Testimony for the March
8, 2006 U.S. Environmental Protection Agency
Public Hearing Regarding Proposed Particulate Matter Standards (Docket ID No.
OAR-2001-0017)
Nathan Willcox, Energy & Clean
Air Advocate
PennEnvironment
Good afternoon. My
name is Nathan Willcox, and I am the energy and clean air advocate with PennEnvironment. PennEnvironment is a statewide non-profit and
non-partisan environmental advocacy organization with more than 18,000 citizen
members across Pennsylvania.
Thank you for giving me the opportunity to testify today. I am here to urge you to heed the scientific
community and protect public health by substantially strengthening the air
quality standards for fine particle soot pollution.

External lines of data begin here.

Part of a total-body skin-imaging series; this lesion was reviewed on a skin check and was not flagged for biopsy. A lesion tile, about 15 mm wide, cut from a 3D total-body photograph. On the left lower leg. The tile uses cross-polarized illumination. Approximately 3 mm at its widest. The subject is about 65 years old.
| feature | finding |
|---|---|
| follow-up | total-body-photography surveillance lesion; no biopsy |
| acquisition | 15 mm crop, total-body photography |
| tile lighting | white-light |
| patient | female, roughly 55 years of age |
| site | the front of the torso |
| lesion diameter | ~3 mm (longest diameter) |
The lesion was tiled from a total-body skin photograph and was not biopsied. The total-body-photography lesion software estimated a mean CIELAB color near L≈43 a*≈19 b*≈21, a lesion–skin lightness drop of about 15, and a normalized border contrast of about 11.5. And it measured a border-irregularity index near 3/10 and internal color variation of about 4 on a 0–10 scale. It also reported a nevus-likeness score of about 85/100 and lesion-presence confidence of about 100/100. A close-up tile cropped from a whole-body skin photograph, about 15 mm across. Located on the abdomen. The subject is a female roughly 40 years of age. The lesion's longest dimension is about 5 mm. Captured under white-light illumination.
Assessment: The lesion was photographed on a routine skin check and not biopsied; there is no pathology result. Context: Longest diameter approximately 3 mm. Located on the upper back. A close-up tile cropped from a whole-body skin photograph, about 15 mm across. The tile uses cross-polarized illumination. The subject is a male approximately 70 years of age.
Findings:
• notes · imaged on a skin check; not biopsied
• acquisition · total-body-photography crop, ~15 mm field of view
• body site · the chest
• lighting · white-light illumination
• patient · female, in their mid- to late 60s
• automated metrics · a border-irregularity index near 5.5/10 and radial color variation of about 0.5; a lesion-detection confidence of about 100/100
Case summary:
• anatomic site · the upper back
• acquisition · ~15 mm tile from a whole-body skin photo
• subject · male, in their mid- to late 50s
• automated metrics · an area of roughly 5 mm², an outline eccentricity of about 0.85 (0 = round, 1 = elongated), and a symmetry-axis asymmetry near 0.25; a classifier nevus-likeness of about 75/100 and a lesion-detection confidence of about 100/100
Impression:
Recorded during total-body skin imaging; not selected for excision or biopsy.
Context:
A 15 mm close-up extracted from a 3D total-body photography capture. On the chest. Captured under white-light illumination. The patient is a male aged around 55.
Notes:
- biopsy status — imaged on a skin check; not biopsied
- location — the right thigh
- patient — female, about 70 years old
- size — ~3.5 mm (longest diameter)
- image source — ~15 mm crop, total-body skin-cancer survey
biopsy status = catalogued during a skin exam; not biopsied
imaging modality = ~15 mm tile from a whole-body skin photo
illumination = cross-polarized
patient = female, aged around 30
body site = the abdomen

Fine particle soot is the nation’s deadliest air pollutant
and one of its most pervasive. Fine
particles can lodge deep in the lungs
or even enter the bloodstream, causing serious
respiratory and cardiovascular problems such as asthma attacks, heart attacks,
lung cancer, and strokes. These small particles
are so dangerous that they cause tens of thousands of premature deaths every
year, cutting off the lives of victims by an average of 14 years, according to one
EPA estimate. Combustion sources such as
coal-fired power plants and diesel engines are the largest source of fine
particles, which can fall close to home or travel thousands of miles through
the air.
While air quality has improved in the U.S. since the inception of the Clean
Air Act in 1970, by the EPA’s own count 88 million Americans still live in
areas with unsafe levels of soot pollution.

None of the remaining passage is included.